MATERIAL FOR THE TASK |
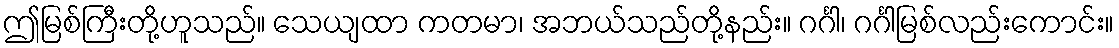
ဤမြစ်ကြီးတို့ဟူသည်။ သေယျထာ ကတမာ၊ အဘယ်သည်တို့နည်း။ ဂင်္ဂါ၊ ဂင်္ဂါမြစ်လည်းကောင်း။
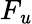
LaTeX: F_{\mathit{u}}
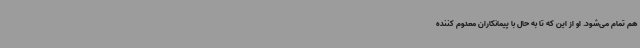
هم تمام می‌شود. او از این که تا به حال با پیمانکاران معدوم کننده
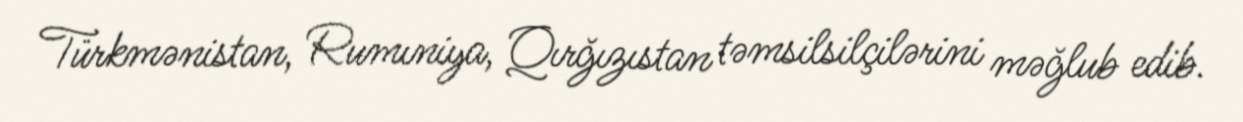
Türkmənistan, Rumıniya, Qırğızıstan təmsilsilçilərini məğlub edib.
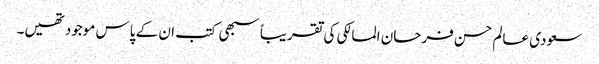
سعودی عالم حسن فرحان المالکی کی تقریباً سبھی کتب ان کے پاس موجود تھیں۔
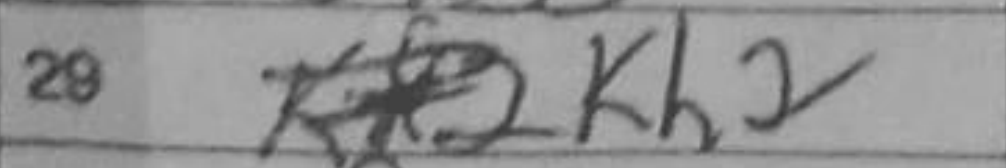
Transcription: Kh2
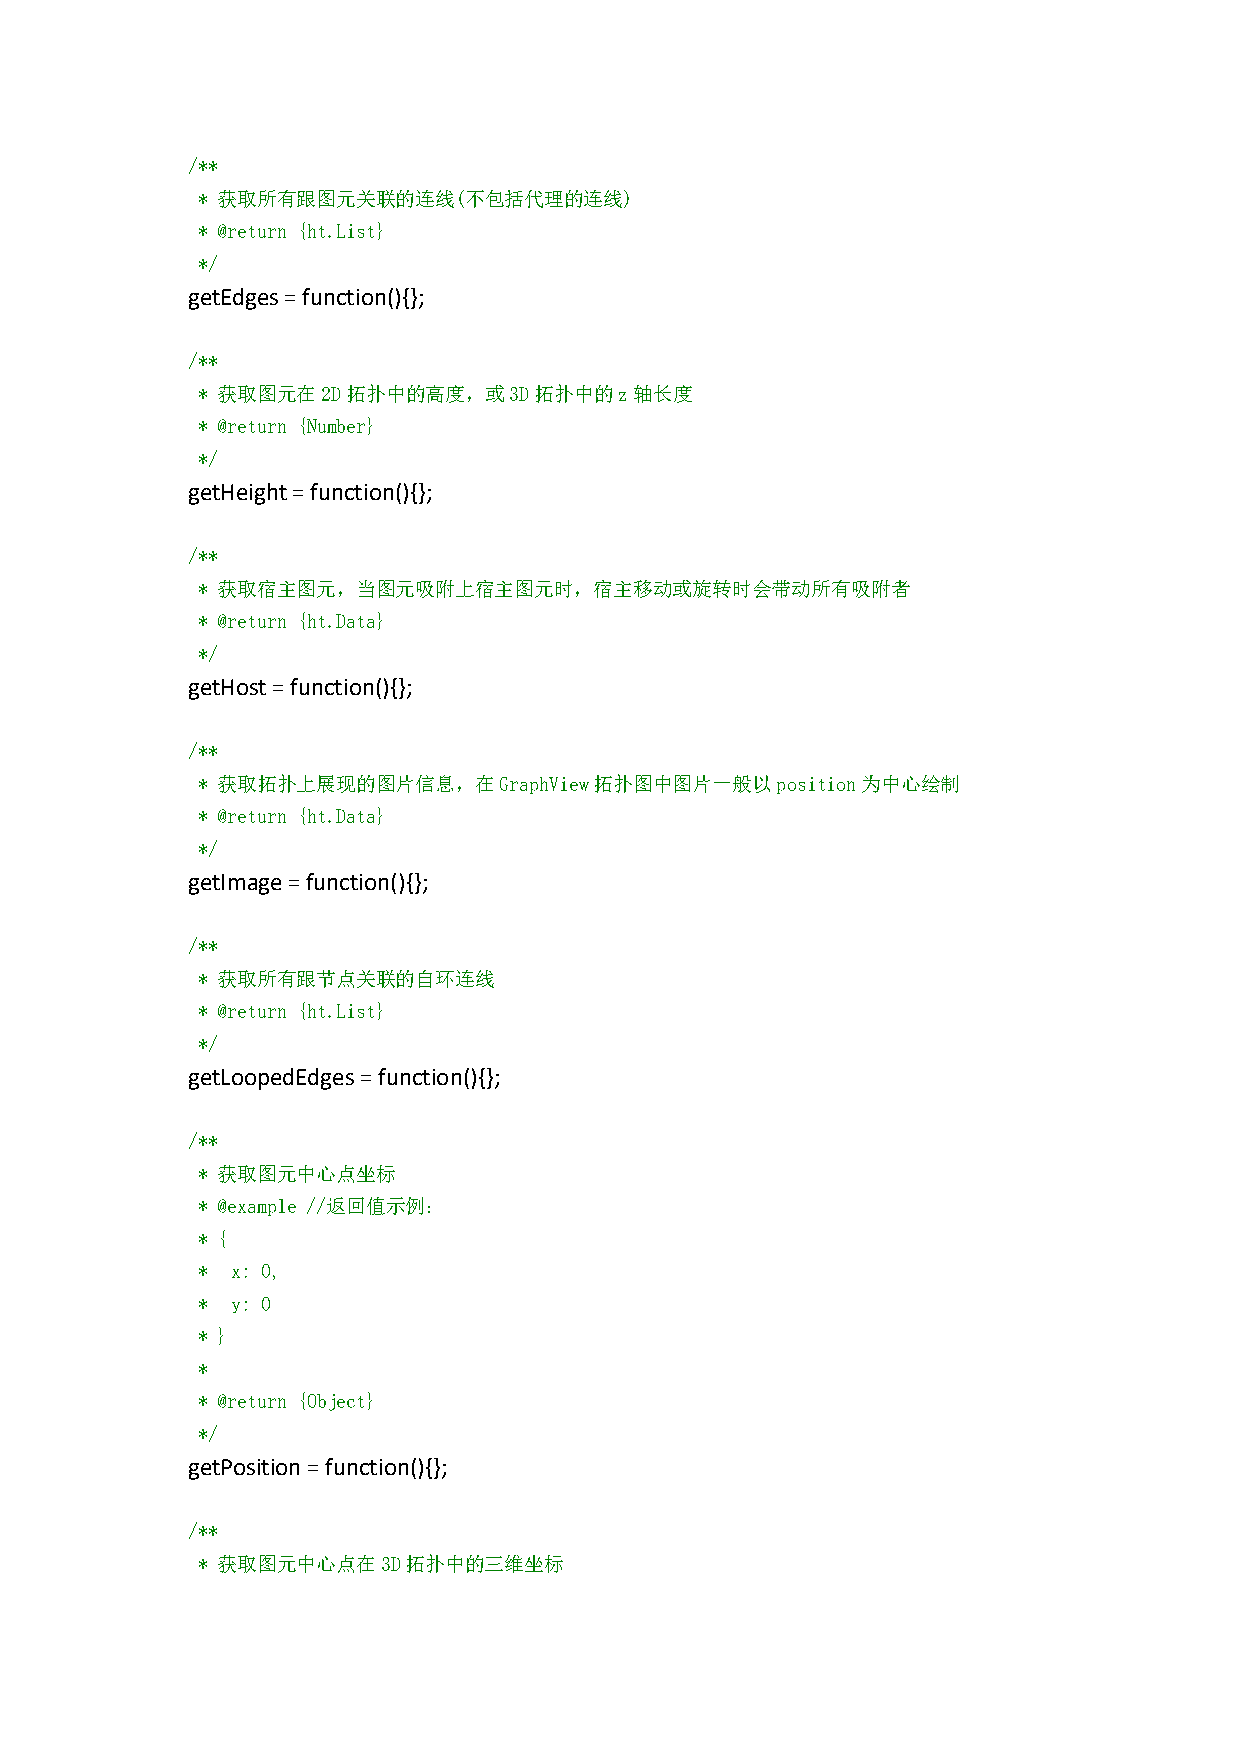
/**
 * 获取所有跟图元关联的连线(不包括代理的连线)
 * @return {ht.List}
 */
 getEdges=function(){};
 /**
 * 获取图元在2D拓扑中的高度，或3D拓扑中的z轴长度
 * @return {Number}
 */
 getHeight=function(){};
 /**
 * 获取宿主图元，当图元吸附上宿主图元时，宿主移动或旋转时会带动所有吸附者
 * @return {ht.Data}
 */
 getHost=function(){};
 /**
 * 获取拓扑上展现的图片信息，在GraphView拓扑图中图片一般以position为中心绘制
 * @return {ht.Data}
 */
 getImage=function(){};
 /**
 * 获取所有跟节点关联的自环连线
 * @return {ht.List}
 */
 getLoopedEdges=function(){};
 /**
 * 获取图元中心点坐标
 * @example //返回值示例：
 * {
 * x: 0,
 * y: 0
 * }
 *
 * @return {Object}
 */
 getPosition=function(){};
 /**
 * 获取图元中心点在3D拓扑中的三维坐标
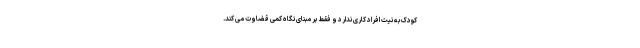
کودک به نیت افراد کاری ندارد و فقط بر مبنای نگاه کمّی قضاوت می کند.
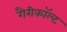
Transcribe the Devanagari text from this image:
गैरीकॉल्ट
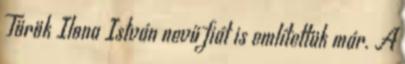
Török Ilona István nevű fiát is említettük már. A
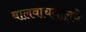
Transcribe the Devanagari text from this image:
बालवाचनालये
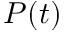
P ( t )
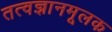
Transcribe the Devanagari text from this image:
तत्वज्ञानमूलक
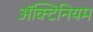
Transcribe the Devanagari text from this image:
अॅक्टिनियम
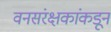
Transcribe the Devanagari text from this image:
वनसंरक्षकांकडून
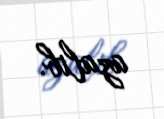
azalıb.
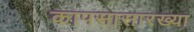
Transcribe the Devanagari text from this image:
कापसासारख्या
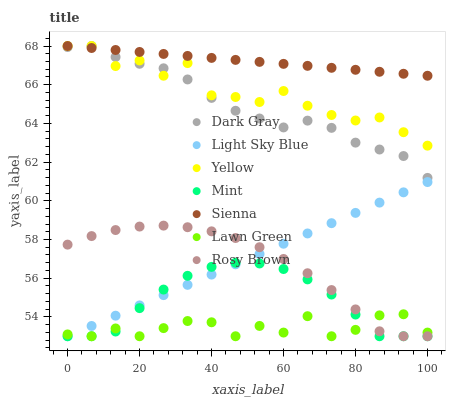
| xaxis_label | Dark Gray | Light Sky Blue | Yellow | Mint | Sienna | Lawn Green | Rosy Brown |
 | --- | --- | --- | --- | --- | --- | --- | --- |
 | 0 | 67.9 | 53 | 68 | 53 | 68 | 53.1 | 57.7 |
 | 6.67 | 68 | 53.5 | 68 | 53 | 67.9 | 53 | 58.2 |
 | 13.3 | 67.4 | 54.1 | 67 | 53.2 | 67.8 | 53.4 | 58.5 |
 | 20 | 67.1 | 54.6 | 67.3 | 54.5 | 67.7 | 53 | 58.7 |
 | 26.7 | 66.8 | 55.1 | 66.5 | 55.4 | 67.6 | 53.4 | 58.7 |
 | 33.3 | 66.3 | 55.7 | 67.1 | 56.1 | 67.5 | 53.8 | 58.6 |
 | 40 | 65.3 | 56.2 | 65.5 | 56.6 | 67.4 | 53.7 | 58.4 |
 | 46.7 | 64.7 | 56.7 | 65.4 | 56.8 | 67.3 | 53 | 58.1 |
 | 53.3 | 64.3 | 57.3 | 65.1 | 56.8 | 67.2 | 53.5 | 57.6 |
 | 60 | 63.8 | 57.8 | 65.7 | 56.5 | 67.1 | 53.2 | 57 |
 | 66.7 | 64.1 | 58.3 | 64.9 | 55.9 | 67 | 54 | 56.3 |
 | 73.3 | 63.8 | 58.8 | 64.4 | 55.2 | 66.9 | 53 | 55.4 |
 | 80 | 63 | 59.4 | 64.2 | 54.1 | 66.8 | 53.3 | 54.4 |
 | 86.7 | 62.7 | 59.9 | 64.3 | 53 | 66.7 | 54.1 | 53.3 |
 | 93.3 | 62.3 | 60.4 | 63.5 | 53 | 66.6 | 54.1 | 53 |
 | 100 | 61.2 | 61 | 62.9 | 53 | 66.5 | 53.2 | 53 |
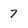
Character: 7
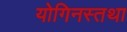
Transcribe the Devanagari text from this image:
योगिनस्तथा
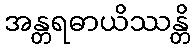
အန္တရဓာယိဿန္တိ
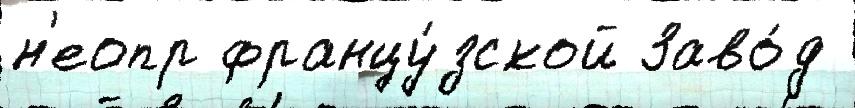
н'еопр францу́зской Заво́д
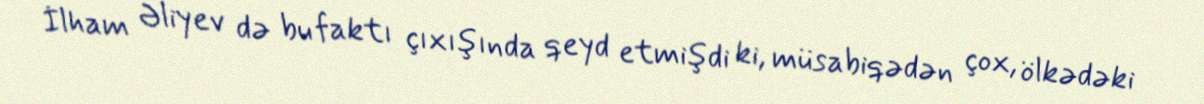
İlham Əliyev də bu faktı çıxışında qeyd etmişdi ki, müsabiqədən çox, ölkədəki
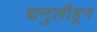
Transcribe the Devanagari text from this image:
धनुलीहून
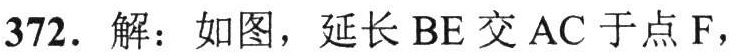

AIM OF THE TASK | Transcribe all entries above exactly. Drop the pictures.

YOUR SOLUTION |
ဤမြစ်ကြီးတို့ဟူသည်။ သေယျထာ ကတမာ၊ အဘယ်သည်တို့နည်း။ ဂင်္ဂါ၊ ဂင်္ဂါမြစ်လည်းကောင်း။
LaTeX: F_{\mathit{u}}
هم تمام می‌شود. او از این که تا به حال با پیمانکاران معدوم کننده
Türkmənistan, Rumıniya, Qırğızıstan təmsilsilçilərini məğlub edib.
سعودی عالم حسن فرحان المالکی کی تقریباً سبھی کتب ان کے پاس موجود تھیں۔
Transcription: Kh2
/**
 * 获取所有跟图元关联的连线(不包括代理的连线)
 * @return {ht.List}
 */
 getEdges=function(){};
 /**
 * 获取图元在2D拓扑中的高度，或3D拓扑中的z轴长度
 * @return {Number}
 */
 getHeight=function(){};
 /**
 * 获取宿主图元，当图元吸附上宿主图元时，宿主移动或旋转时会带动所有吸附者
 * @return {ht.Data}
 */
 getHost=function(){};
 /**
 * 获取拓扑上展现的图片信息，在GraphView拓扑图中图片一般以position为中心绘制
 * @return {ht.Data}
 */
 getImage=function(){};
 /**
 * 获取所有跟节点关联的自环连线
 * @return {ht.List}
 */
 getLoopedEdges=function(){};
 /**
 * 获取图元中心点坐标
 * @example //返回值示例：
 * {
 * x: 0,
 * y: 0
 * }
 *
 * @return {Object}
 */
 getPosition=function(){};
 /**
 * 获取图元中心点在3D拓扑中的三维坐标
کودک به نیت افراد کاری ندارد و فقط بر مبنای نگاه کمّی قضاوت می کند.
Transcribe the Devanagari text from this image:
गैरीकॉल्ट
Török Ilona István nevű fiát is említettük már. A
Transcribe the Devanagari text from this image:
बालवाचनालये
P ( t )
Transcribe the Devanagari text from this image:
तत्वज्ञानमूलक
Transcribe the Devanagari text from this image:
अॅक्टिनियम
Transcribe the Devanagari text from this image:
वनसंरक्षकांकडून
azalıb.
Transcribe the Devanagari text from this image:
कापसासारख्या
| xaxis_label | Dark Gray | Light Sky Blue | Yellow | Mint | Sienna | Lawn Green | Rosy Brown |
 | --- | --- | --- | --- | --- | --- | --- | --- |
 | 0 | 67.9 | 53 | 68 | 53 | 68 | 53.1 | 57.7 |
 | 6.67 | 68 | 53.5 | 68 | 53 | 67.9 | 53 | 58.2 |
 | 13.3 | 67.4 | 54.1 | 67 | 53.2 | 67.8 | 53.4 | 58.5 |
 | 20 | 67.1 | 54.6 | 67.3 | 54.5 | 67.7 | 53 | 58.7 |
 | 26.7 | 66.8 | 55.1 | 66.5 | 55.4 | 67.6 | 53.4 | 58.7 |
 | 33.3 | 66.3 | 55.7 | 67.1 | 56.1 | 67.5 | 53.8 | 58.6 |
 | 40 | 65.3 | 56.2 | 65.5 | 56.6 | 67.4 | 53.7 | 58.4 |
 | 46.7 | 64.7 | 56.7 | 65.4 | 56.8 | 67.3 | 53 | 58.1 |
 | 53.3 | 64.3 | 57.3 | 65.1 | 56.8 | 67.2 | 53.5 | 57.6 |
 | 60 | 63.8 | 57.8 | 65.7 | 56.5 | 67.1 | 53.2 | 57 |
 | 66.7 | 64.1 | 58.3 | 64.9 | 55.9 | 67 | 54 | 56.3 |
 | 73.3 | 63.8 | 58.8 | 64.4 | 55.2 | 66.9 | 53 | 55.4 |
 | 80 | 63 | 59.4 | 64.2 | 54.1 | 66.8 | 53.3 | 54.4 |
 | 86.7 | 62.7 | 59.9 | 64.3 | 53 | 66.7 | 54.1 | 53.3 |
 | 93.3 | 62.3 | 60.4 | 63.5 | 53 | 66.6 | 54.1 | 53 |
 | 100 | 61.2 | 61 | 62.9 | 53 | 66.5 | 53.2 | 53 |
Character: 7
Transcribe the Devanagari text from this image:
योगिनस्तथा
အန္တရဓာယိဿန္တိ
н'еопр францу́зской Заво́д
İlham Əliyev də bu faktı çıxışında qeyd etmişdi ki, müsabiqədən çox, ölkədəki
Transcribe the Devanagari text from this image:
धनुलीहून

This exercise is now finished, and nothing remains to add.